I’m sure it will have brought her great comfort. It also made me think about
those who in similar situations who don’t have friends and family around them
at such a time. I was going to write ‘except with just nurses to care for them
as they pass from this life’ – but I changed my mind.
Let me explain. Last week the
University of Salford ‘graduated’ its first cohort of Trainee Nursing Associates.
They were a great bunch, all ages and from all walks of life. There were many senior
nurses and managers from the local health economy there to share in the celebrations.
Now the introduction of these new entrants
to the health and social care workforce has not been greeted with universal
approval.
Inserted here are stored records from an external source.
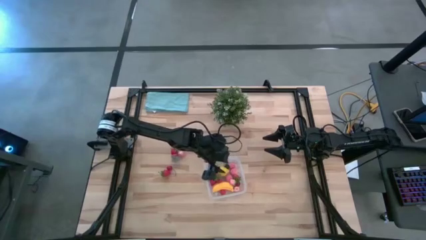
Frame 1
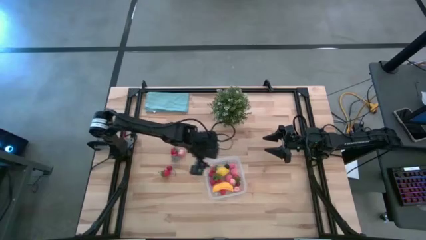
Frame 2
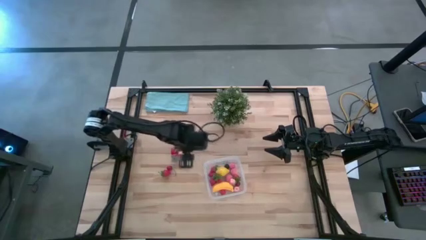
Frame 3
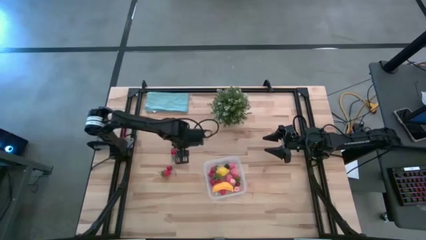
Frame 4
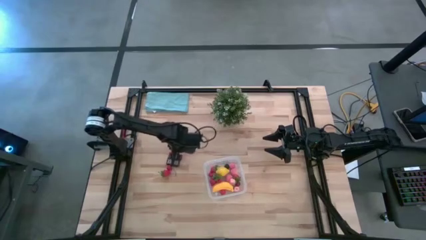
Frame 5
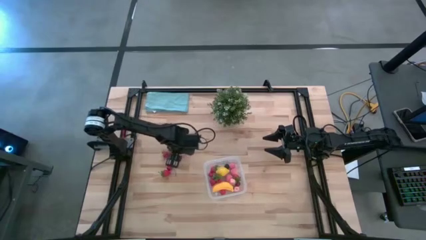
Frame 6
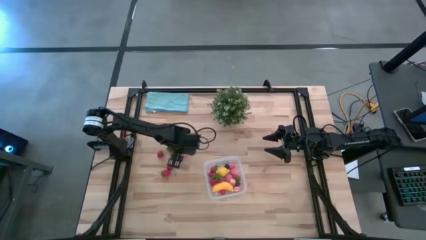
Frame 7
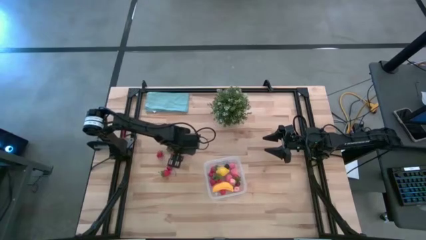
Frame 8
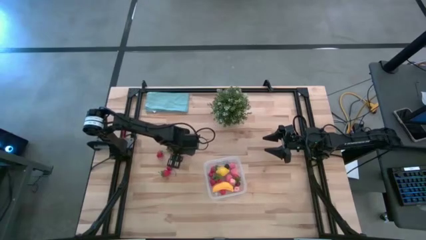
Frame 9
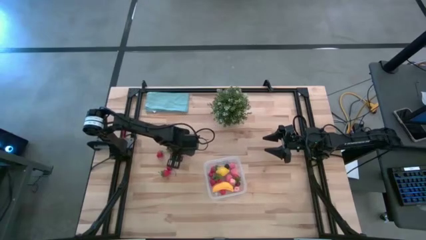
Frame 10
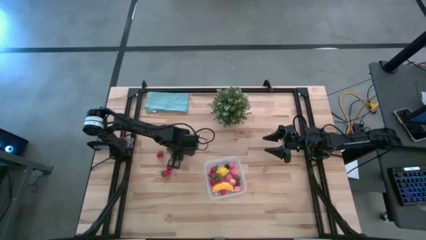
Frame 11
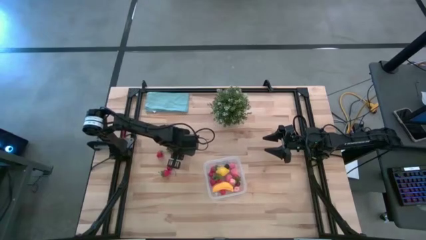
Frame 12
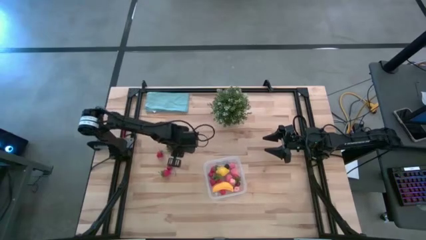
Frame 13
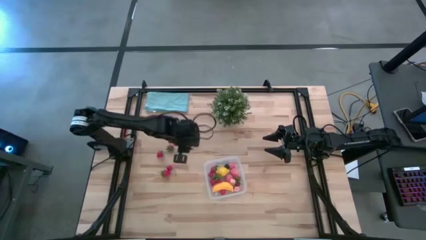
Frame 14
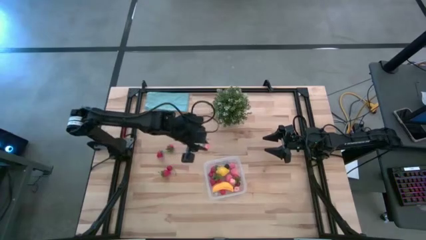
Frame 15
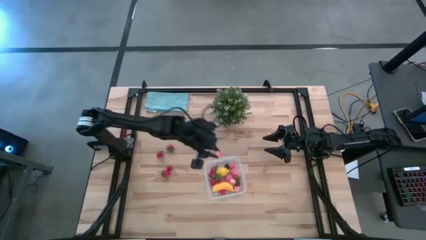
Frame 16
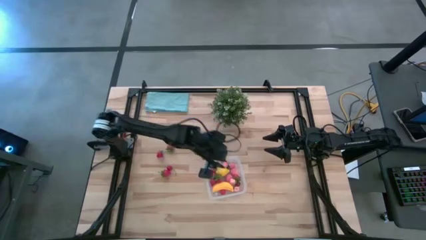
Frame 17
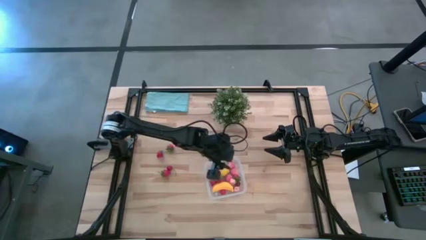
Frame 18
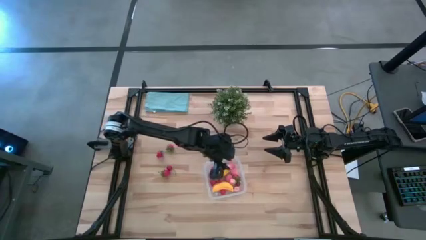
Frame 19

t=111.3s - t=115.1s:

There are many qualified nurses who see the Nursing Associate as some
kind of threat to the profession. I’m not so sure. They will be regulated by the
NMC and have a very different curriculum underpinning their education and
training to that of qualified nurses. Their scope of practice obviously reflects
this difference in education. At the celebration last week, they were described
as a group that will take on some of the practical tasks of qualified nurses
freeing them up to take on some of the more complex tasks. In the context of
Dianne’s death, I wondered about this notion of complexity. I thought about the
man who held Dianne’s hand as she slowly left this world. Is holding someone’s
hand in such a situation a complex task? No, but perhaps knowing when to reach
out and do so requires a different mindset. Maybe that comes with experience alongside
education and training.
Coincidentally, last week the BBC
in Northern Ireland reported on the fact that older students studying to become
qualified nurses bring an all-important ‘life experience’ to the nursing
profession. Student nurses in Northern Ireland still get a bursary. A third of
students at the prestigious Russell Group UK Queen’s University in Belfast have
started their nurse education ‘a little later in life’. It was the same situation
in England before the bursary was scrapped. However, in England, Trainee Nursing
Associates get paid at Band 3 of the National Agenda for Change pay scale. Time
will tell if these new entrants to the traditional workforce really do support the
existing professions. I do know that whoever it is, when the time comes, I want
someone there to reach out and hold my hand, if just for a moment.